• _Required work_:
When a line in the material beneath includes the word "Spindle", add it to the count, and report the count alone.

• _Dataset records_:
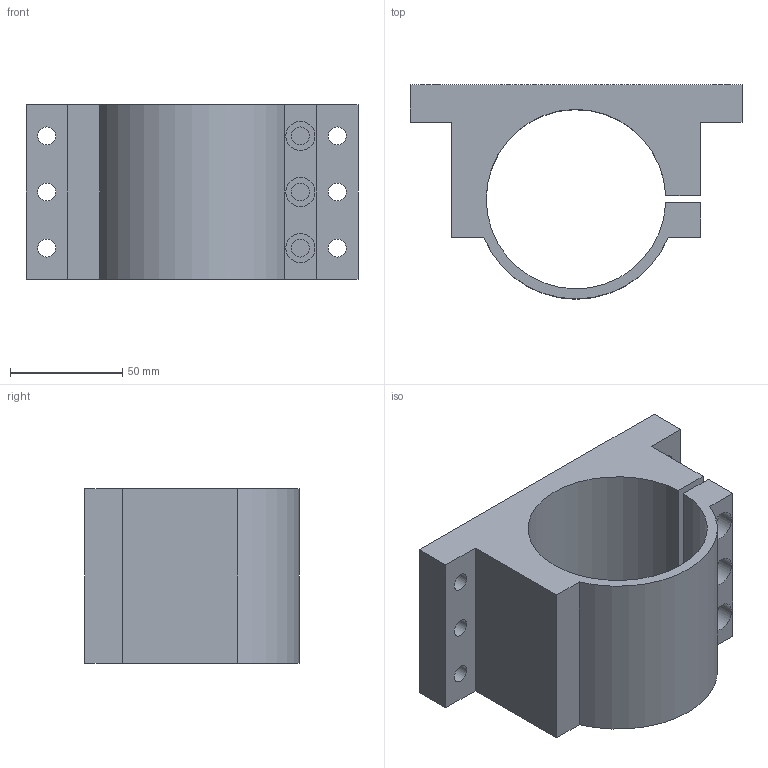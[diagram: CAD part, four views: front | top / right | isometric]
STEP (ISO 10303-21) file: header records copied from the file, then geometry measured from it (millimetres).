
FILE_DESCRIPTION(/* description */ ('','CAx-IF Rec.Pracs.---Representation and Presentation of Product Manufacturing Information (PMI)---4.0---2014-10-13'),/* implementation_level */ '2;1');
FILE_NAME(/* name */ 'Spindle Mount v1.step',/* time_stamp */ '2025-01-07T00:32:23+05:30',/* author */ (''),/* organization */ (''),/* preprocessor_version */ 'ST-DEVELOPER v20',/* originating_system */ 'Autodesk Translation Framework v13.20.0.188',/* authorisation */ '');
FILE_SCHEMA (('AP242_MANAGED_MODEL_BASED_3D_ENGINEERING_MIM_LF { 1 0 10303 442 1 1 4 }'));
Length unit declared in the file: millimetre
Products named in the file (1): Spindle Mount
Bounding box: 148 x 95.5 x 78 mm (x, y, z)
Volume: 356679.1 mm3; surface area: 70796.4 mm2
Topology: 1 solids, 1 shells, 37 faces, 87 edges, 58 vertices
Faces by surface type: plane 20, cylinder 17
Full cylindrical faces by diameter (mm): 8 x12, 13 x3
Entity records: 1151 total; most frequent: DIRECTION 197, CARTESIAN_POINT 183, ORIENTED_EDGE 174, EDGE_CURVE 87, AXIS2_PLACEMENT_3D 72, EDGE_LOOP 61, VERTEX_POINT 58, LINE 53

• _Response to the task_:
2